**Stored data**
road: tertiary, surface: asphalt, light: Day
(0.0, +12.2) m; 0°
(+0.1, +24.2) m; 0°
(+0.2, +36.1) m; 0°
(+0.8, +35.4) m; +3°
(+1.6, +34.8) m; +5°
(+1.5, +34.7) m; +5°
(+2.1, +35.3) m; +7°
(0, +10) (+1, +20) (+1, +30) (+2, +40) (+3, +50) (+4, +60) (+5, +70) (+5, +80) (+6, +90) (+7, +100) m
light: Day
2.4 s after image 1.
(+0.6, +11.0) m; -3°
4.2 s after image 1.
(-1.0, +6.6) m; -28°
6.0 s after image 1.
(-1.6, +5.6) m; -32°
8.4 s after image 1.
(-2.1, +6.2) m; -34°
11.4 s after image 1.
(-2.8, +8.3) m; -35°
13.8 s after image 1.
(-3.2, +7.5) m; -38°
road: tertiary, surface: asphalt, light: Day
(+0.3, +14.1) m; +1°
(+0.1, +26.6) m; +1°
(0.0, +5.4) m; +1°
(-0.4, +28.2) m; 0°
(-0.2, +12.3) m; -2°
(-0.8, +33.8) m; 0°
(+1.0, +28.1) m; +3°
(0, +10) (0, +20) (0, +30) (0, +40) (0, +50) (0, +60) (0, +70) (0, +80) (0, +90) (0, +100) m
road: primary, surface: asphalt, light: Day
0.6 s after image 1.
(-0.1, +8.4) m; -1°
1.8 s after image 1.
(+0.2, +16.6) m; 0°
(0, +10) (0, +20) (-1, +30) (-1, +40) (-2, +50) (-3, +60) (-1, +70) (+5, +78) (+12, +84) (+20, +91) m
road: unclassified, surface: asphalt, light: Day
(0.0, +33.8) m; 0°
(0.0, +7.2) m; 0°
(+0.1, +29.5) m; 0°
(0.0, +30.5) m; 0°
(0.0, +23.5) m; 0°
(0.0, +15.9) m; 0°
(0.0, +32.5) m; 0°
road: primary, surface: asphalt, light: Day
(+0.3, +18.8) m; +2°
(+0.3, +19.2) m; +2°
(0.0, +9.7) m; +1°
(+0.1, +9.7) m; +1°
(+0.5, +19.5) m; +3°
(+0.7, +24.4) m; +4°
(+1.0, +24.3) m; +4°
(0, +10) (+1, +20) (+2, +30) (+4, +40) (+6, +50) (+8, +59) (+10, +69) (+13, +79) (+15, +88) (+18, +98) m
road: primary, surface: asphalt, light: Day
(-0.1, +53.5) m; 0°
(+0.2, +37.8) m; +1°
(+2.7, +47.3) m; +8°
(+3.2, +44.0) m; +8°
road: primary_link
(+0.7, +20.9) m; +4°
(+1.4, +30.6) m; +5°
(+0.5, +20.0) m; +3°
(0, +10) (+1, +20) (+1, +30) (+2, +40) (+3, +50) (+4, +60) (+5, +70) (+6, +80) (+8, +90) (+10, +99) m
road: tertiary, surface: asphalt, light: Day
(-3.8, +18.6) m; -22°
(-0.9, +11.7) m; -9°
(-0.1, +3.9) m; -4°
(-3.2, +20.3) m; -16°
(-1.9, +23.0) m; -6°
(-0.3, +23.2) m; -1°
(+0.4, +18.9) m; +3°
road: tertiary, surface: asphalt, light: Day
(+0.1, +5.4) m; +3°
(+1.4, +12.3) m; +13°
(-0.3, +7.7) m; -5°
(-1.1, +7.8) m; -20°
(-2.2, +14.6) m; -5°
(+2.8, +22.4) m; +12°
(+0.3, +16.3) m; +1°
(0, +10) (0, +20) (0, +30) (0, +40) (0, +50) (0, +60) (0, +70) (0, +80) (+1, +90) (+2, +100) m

**Work instruction**
What you give back must match the material word for word.

**Exercise answer**
road: tertiary, surface: asphalt, light: Day
(0.0, +12.2) m; 0°
(+0.1, +24.2) m; 0°
(+0.2, +36.1) m; 0°
(+0.8, +35.4) m; +3°
(+1.6, +34.8) m; +5°
(+1.5, +34.7) m; +5°
(+2.1, +35.3) m; +7°
(0, +10) (+1, +20) (+1, +30) (+2, +40) (+3, +50) (+4, +60) (+5, +70) (+5, +80) (+6, +90) (+7, +100) m
light: Day
2.4 s after image 1.
(+0.6, +11.0) m; -3°
4.2 s after image 1.
(-1.0, +6.6) m; -28°
6.0 s after image 1.
(-1.6, +5.6) m; -32°
8.4 s after image 1.
(-2.1, +6.2) m; -34°
11.4 s after image 1.
(-2.8, +8.3) m; -35°
13.8 s after image 1.
(-3.2, +7.5) m; -38°
road: tertiary, surface: asphalt, light: Day
(+0.3, +14.1) m; +1°
(+0.1, +26.6) m; +1°
(0.0, +5.4) m; +1°
(-0.4, +28.2) m; 0°
(-0.2, +12.3) m; -2°
(-0.8, +33.8) m; 0°
(+1.0, +28.1) m; +3°
(0, +10) (0, +20) (0, +30) (0, +40) (0, +50) (0, +60) (0, +70) (0, +80) (0, +90) (0, +100) m
road: primary, surface: asphalt, light: Day
0.6 s after image 1.
(-0.1, +8.4) m; -1°
1.8 s after image 1.
(+0.2, +16.6) m; 0°
(0, +10) (0, +20) (-1, +30) (-1, +40) (-2, +50) (-3, +60) (-1, +70) (+5, +78) (+12, +84) (+20, +91) m
road: unclassified, surface: asphalt, light: Day
(0.0, +33.8) m; 0°
(0.0, +7.2) m; 0°
(+0.1, +29.5) m; 0°
(0.0, +30.5) m; 0°
(0.0, +23.5) m; 0°
(0.0, +15.9) m; 0°
(0.0, +32.5) m; 0°
road: primary, surface: asphalt, light: Day
(+0.3, +18.8) m; +2°
(+0.3, +19.2) m; +2°
(0.0, +9.7) m; +1°
(+0.1, +9.7) m; +1°
(+0.5, +19.5) m; +3°
(+0.7, +24.4) m; +4°
(+1.0, +24.3) m; +4°
(0, +10) (+1, +20) (+2, +30) (+4, +40) (+6, +50) (+8, +59) (+10, +69) (+13, +79) (+15, +88) (+18, +98) m
road: primary, surface: asphalt, light: Day
(-0.1, +53.5) m; 0°
(+0.2, +37.8) m; +1°
(+2.7, +47.3) m; +8°
(+3.2, +44.0) m; +8°
road: primary_link
(+0.7, +20.9) m; +4°
(+1.4, +30.6) m; +5°
(+0.5, +20.0) m; +3°
(0, +10) (+1, +20) (+1, +30) (+2, +40) (+3, +50) (+4, +60) (+5, +70) (+6, +80) (+8, +90) (+10, +99) m
road: tertiary, surface: asphalt, light: Day
(-3.8, +18.6) m; -22°
(-0.9, +11.7) m; -9°
(-0.1, +3.9) m; -4°
(-3.2, +20.3) m; -16°
(-1.9, +23.0) m; -6°
(-0.3, +23.2) m; -1°
(+0.4, +18.9) m; +3°
road: tertiary, surface: asphalt, light: Day
(+0.1, +5.4) m; +3°
(+1.4, +12.3) m; +13°
(-0.3, +7.7) m; -5°
(-1.1, +7.8) m; -20°
(-2.2, +14.6) m; -5°
(+2.8, +22.4) m; +12°
(+0.3, +16.3) m; +1°
(0, +10) (0, +20) (0, +30) (0, +40) (0, +50) (0, +60) (0, +70) (0, +80) (+1, +90) (+2, +100) m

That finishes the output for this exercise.